Tracking maneuvering target in real time autonomously and accurately in an uncertain environment is one of the challenging missions for unmanned aerial vehicles (UAVs). In this paper, aiming to address the control problem of maneuvering target tracking and obstacle avoidance, an online path planning approach for UAV is developed based on deep reinforcement learning. Through end-to-end learning powered by neural networks, the proposed approach can achieve the perception of the environment and continuous motion output control. This proposed approach includes: (1) A deep deterministic policy gradient (DDPG)-based control framework to provide learning and autonomous decision-making capability for UAVs; (2) An improved method named MN-DDPG for introducing a type of mixed noises to assist UAV with exploring stochastic strategies for online optimal planning; and (3) An algorithm of task-decomposition and pre-training for efficient transfer learning to improve the generalization capability of UAV’s control model built based on MN-DDPG. The experimental simulation results have verified that the proposed approach can achieve good self-adaptive adjustment of UAV’s flight attitude in the tasks of maneuvering target tracking with a significant improvement in generalization capability and training efficiency of UAV tracking controller in uncertain environments.

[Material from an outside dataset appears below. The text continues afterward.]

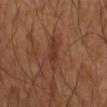No biopsy was performed on this lesion — it was imaged during a full skin examination and was not determined to be concerning.

在不确定的环境中自动，实时地实时跟踪机动目标是无人机的一项艰巨任务。为了解决机动目标跟踪和避障的控制问题，基于深度强化学习的无人机在线路径规划方法得到了发展。通过以神经网络为动力的端到端学习，该方法可以实现对环境的感知和连续运动输出控制。该提议的方法包括：（1）基于深度确定性策略梯度（DDPG）的控制框架，可为无人机提供学习和自主决策能力；（2）一种改进的方法，称为MN-DDPG，用于引入一种混合噪声，以协助无人机探索随机策略进行在线最优规划；（3）一种有效的转移学习的任务分解和预训练算法，以提高基于MN-DDPG构建的无人机控制模型的泛化能力。实验仿真结果表明，该方法可以在机动目标跟踪任务中实现对无人机飞行姿态的自适应自适应调整，在不确定环境下可以显着提高无人机跟踪控制器的泛化能力和训练效率。